_WORK TO COMPLETE_:
What is needed is an exact retyping of each entry, pictures excluded.

_SUPPLIED DATA_:
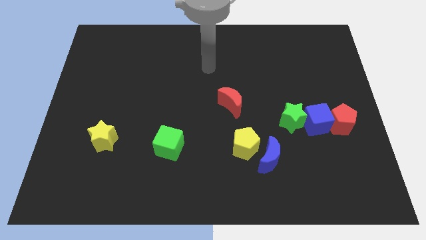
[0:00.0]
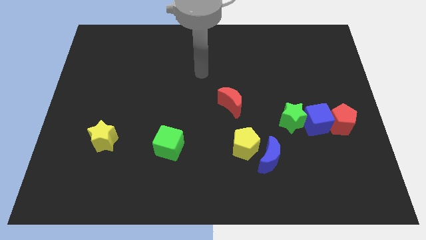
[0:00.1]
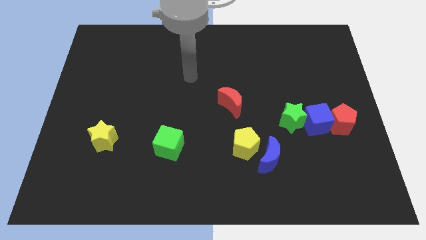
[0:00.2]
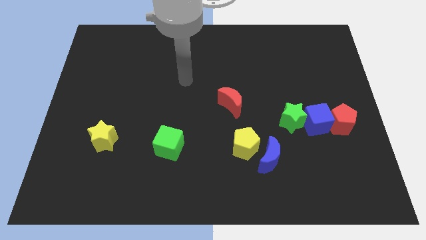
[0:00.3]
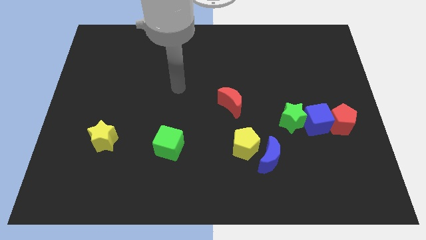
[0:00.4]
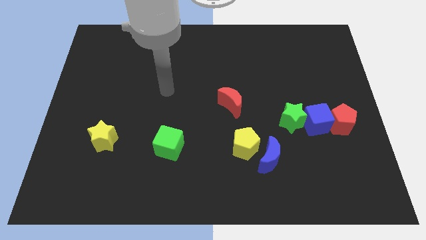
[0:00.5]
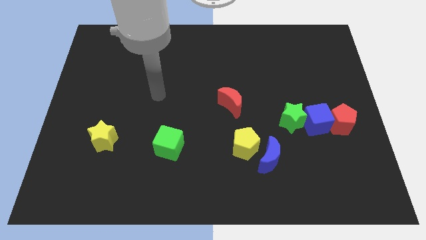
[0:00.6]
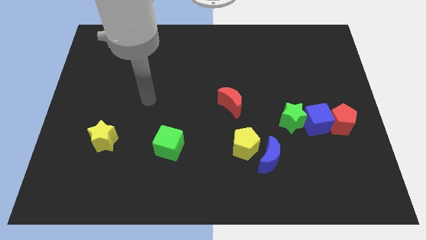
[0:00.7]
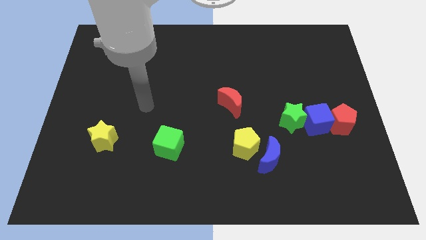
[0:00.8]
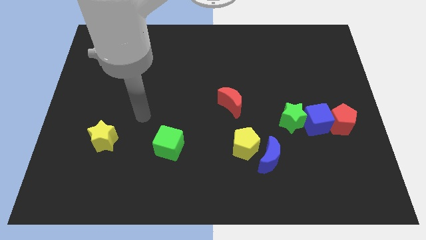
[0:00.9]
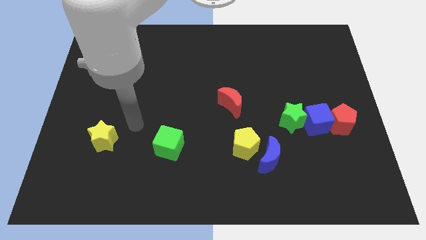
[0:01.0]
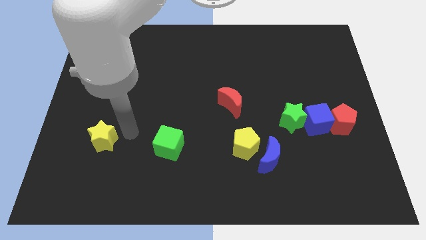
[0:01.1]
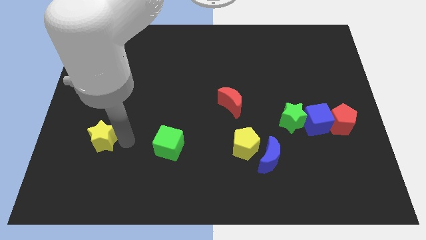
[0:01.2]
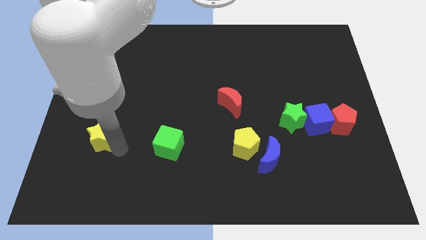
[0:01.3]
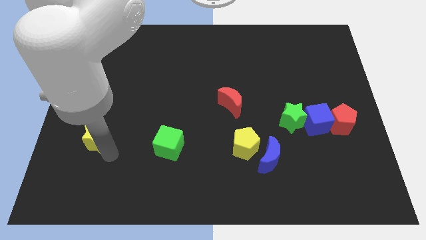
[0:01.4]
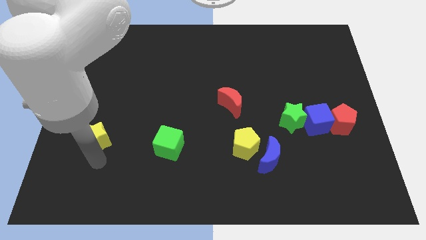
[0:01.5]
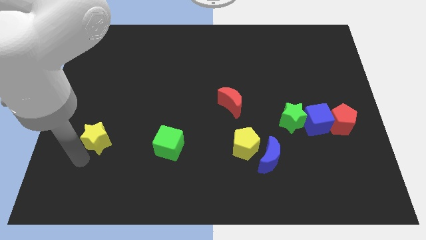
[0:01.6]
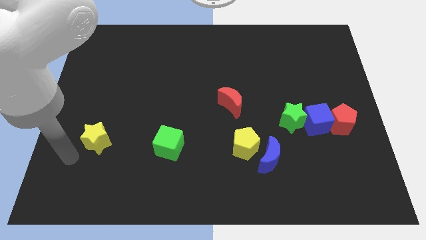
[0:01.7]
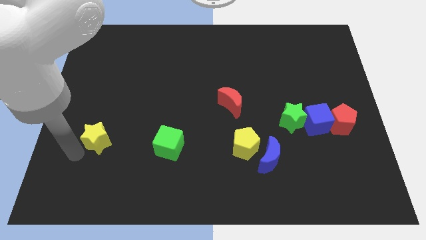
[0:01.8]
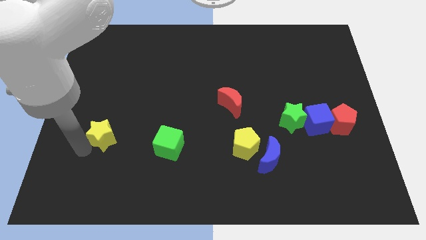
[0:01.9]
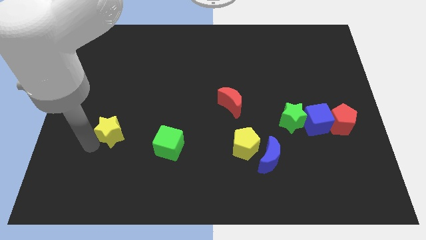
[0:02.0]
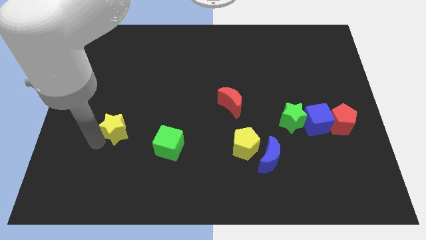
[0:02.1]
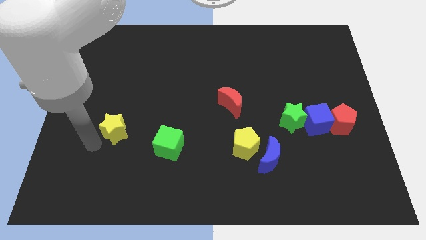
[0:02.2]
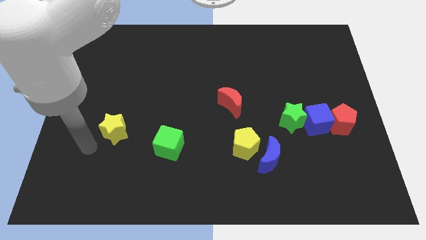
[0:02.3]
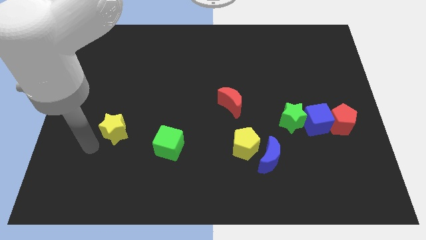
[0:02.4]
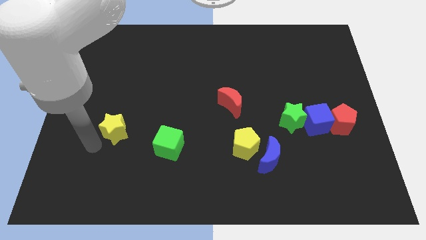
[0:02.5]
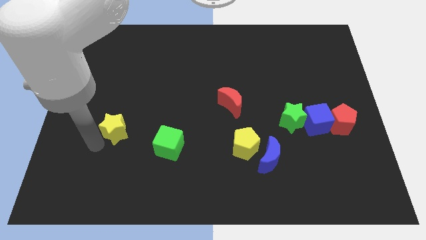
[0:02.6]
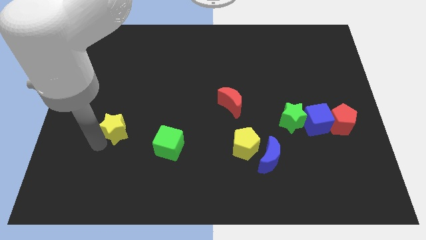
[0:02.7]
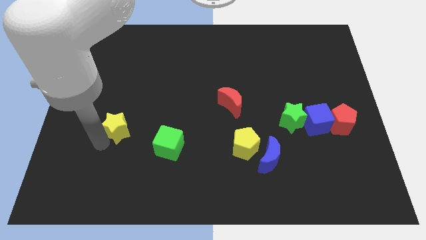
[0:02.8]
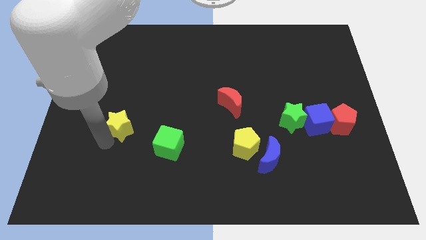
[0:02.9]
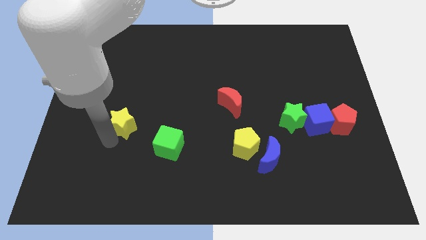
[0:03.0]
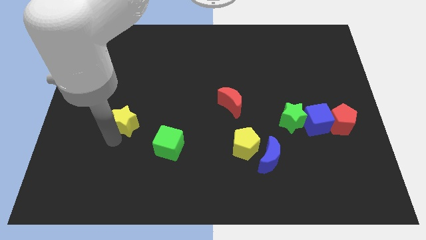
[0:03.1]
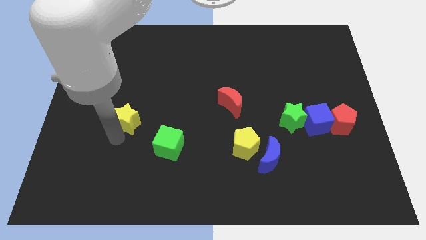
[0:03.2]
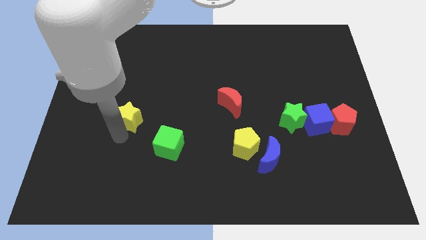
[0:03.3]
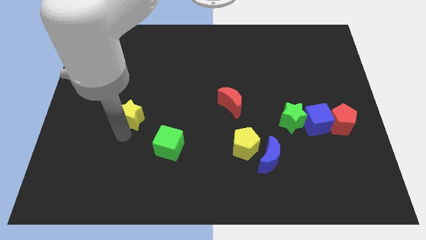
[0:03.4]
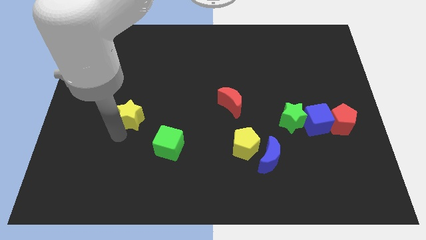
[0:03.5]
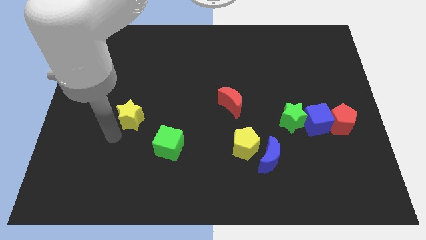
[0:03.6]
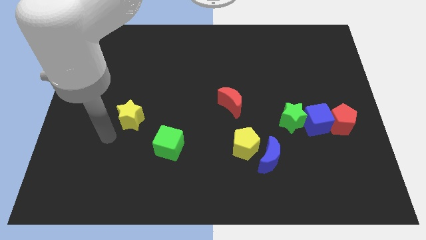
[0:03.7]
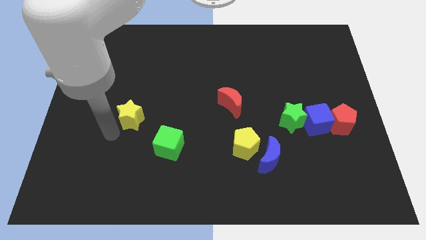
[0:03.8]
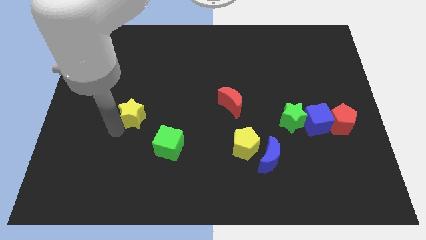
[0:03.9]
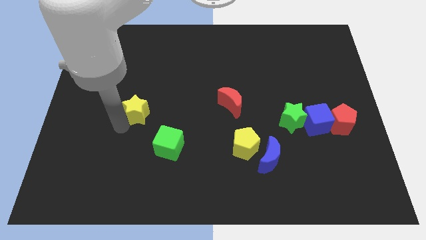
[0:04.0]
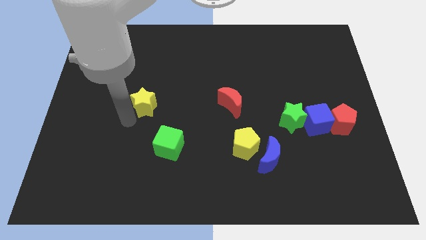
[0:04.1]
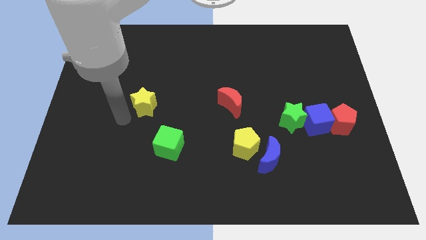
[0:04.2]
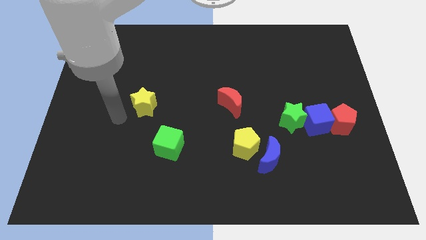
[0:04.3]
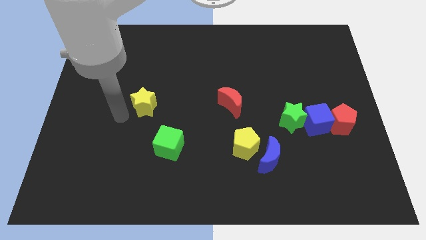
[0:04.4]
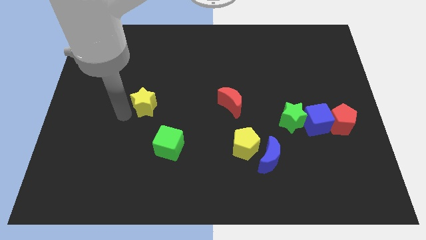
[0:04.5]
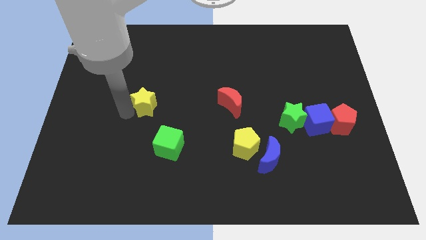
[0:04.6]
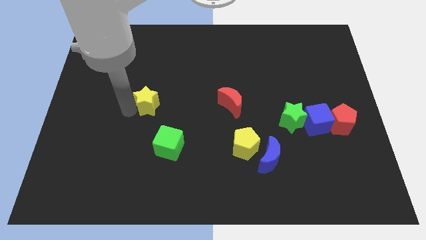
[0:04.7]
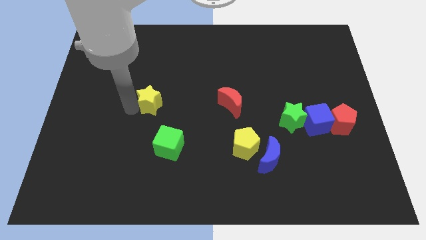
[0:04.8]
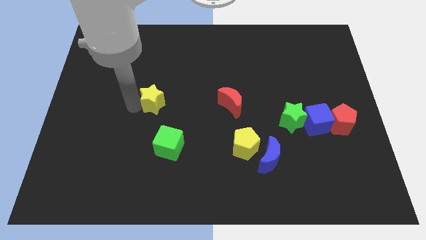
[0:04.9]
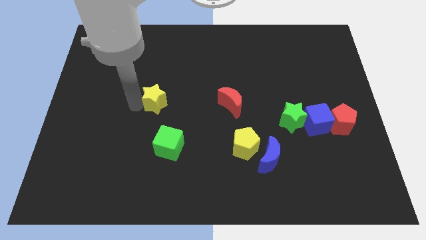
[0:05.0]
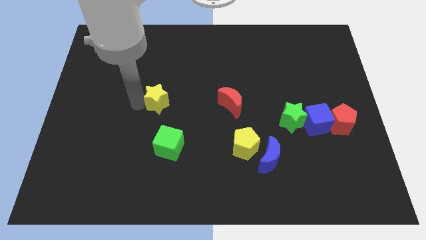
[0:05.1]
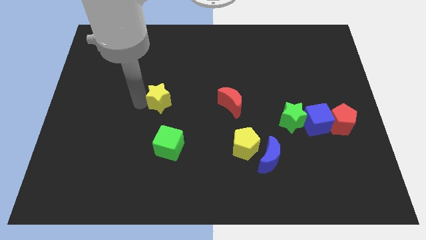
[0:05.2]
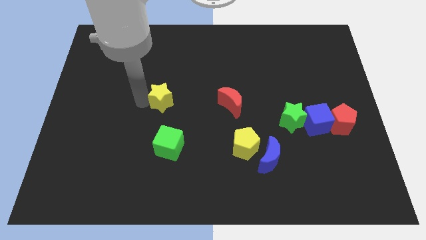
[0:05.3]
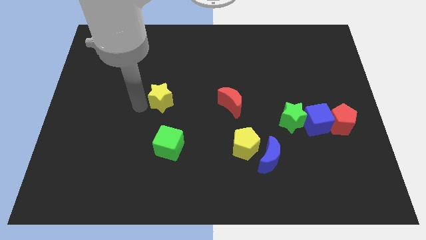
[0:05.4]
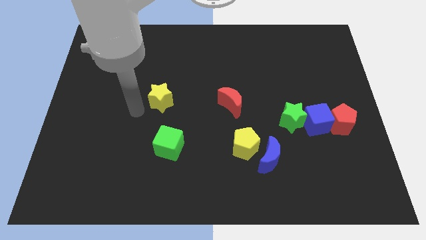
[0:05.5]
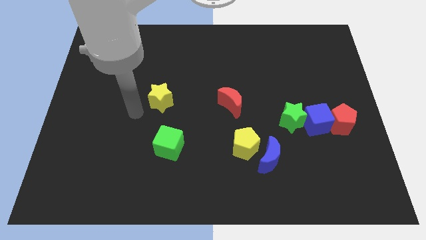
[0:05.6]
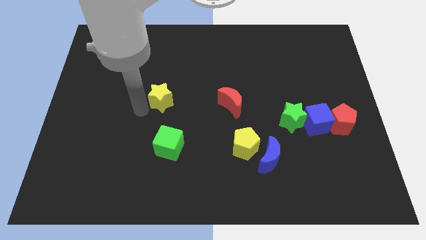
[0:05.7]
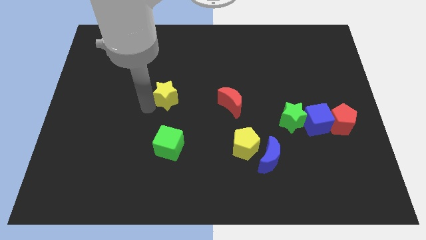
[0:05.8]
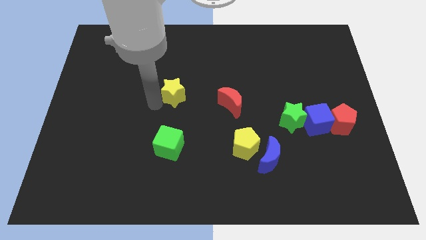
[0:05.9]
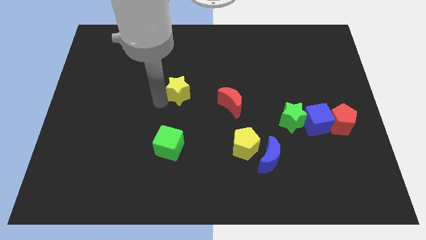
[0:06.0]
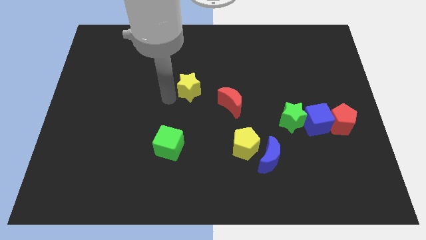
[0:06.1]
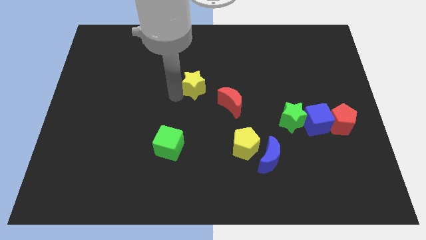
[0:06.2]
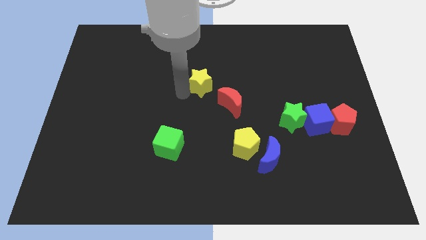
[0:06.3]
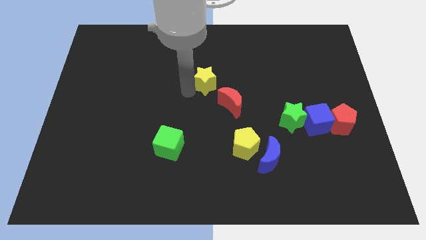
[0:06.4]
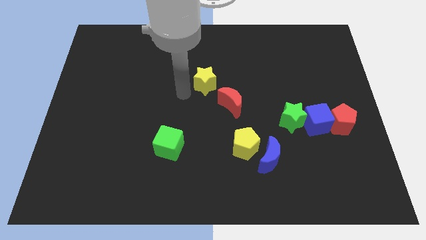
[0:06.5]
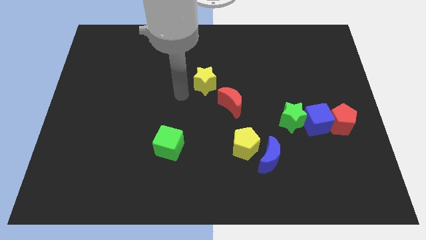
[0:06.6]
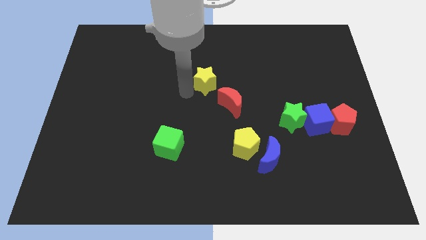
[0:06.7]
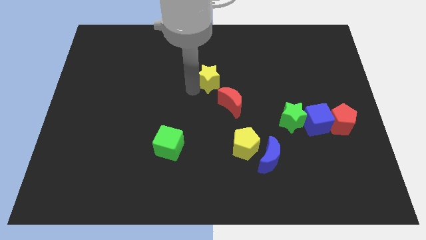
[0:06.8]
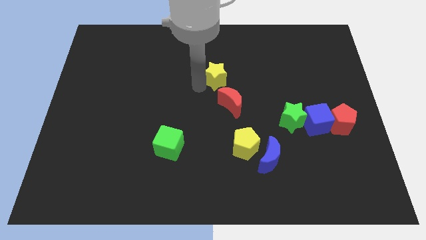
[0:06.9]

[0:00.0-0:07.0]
push the yellow star to the top of the red moon

_OUTPUT BELOW_:
[0:00.0]
[0:00.1]
[0:00.2]
[0:00.3]
[0:00.4]
[0:00.5]
[0:00.6]
[0:00.7]
[0:00.8]
[0:00.9]
[0:01.0]
[0:01.1]
[0:01.2]
[0:01.3]
[0:01.4]
[0:01.5]
[0:01.6]
[0:01.7]
[0:01.8]
[0:01.9]
[0:02.0]
[0:02.1]
[0:02.2]
[0:02.3]
[0:02.4]
[0:02.5]
[0:02.6]
[0:02.7]
[0:02.8]
[0:02.9]
[0:03.0]
[0:03.1]
[0:03.2]
[0:03.3]
[0:03.4]
[0:03.5]
[0:03.6]
[0:03.7]
[0:03.8]
[0:03.9]
[0:04.0]
[0:04.1]
[0:04.2]
[0:04.3]
[0:04.4]
[0:04.5]
[0:04.6]
[0:04.7]
[0:04.8]
[0:04.9]
[0:05.0]
[0:05.1]
[0:05.2]
[0:05.3]
[0:05.4]
[0:05.5]
[0:05.6]
[0:05.7]
[0:05.8]
[0:05.9]
[0:06.0]
[0:06.1]
[0:06.2]
[0:06.3]
[0:06.4]
[0:06.5]
[0:06.6]
[0:06.7]
[0:06.8]
[0:06.9]

[0:00.0-0:07.0]
push the yellow star to the top of the red moon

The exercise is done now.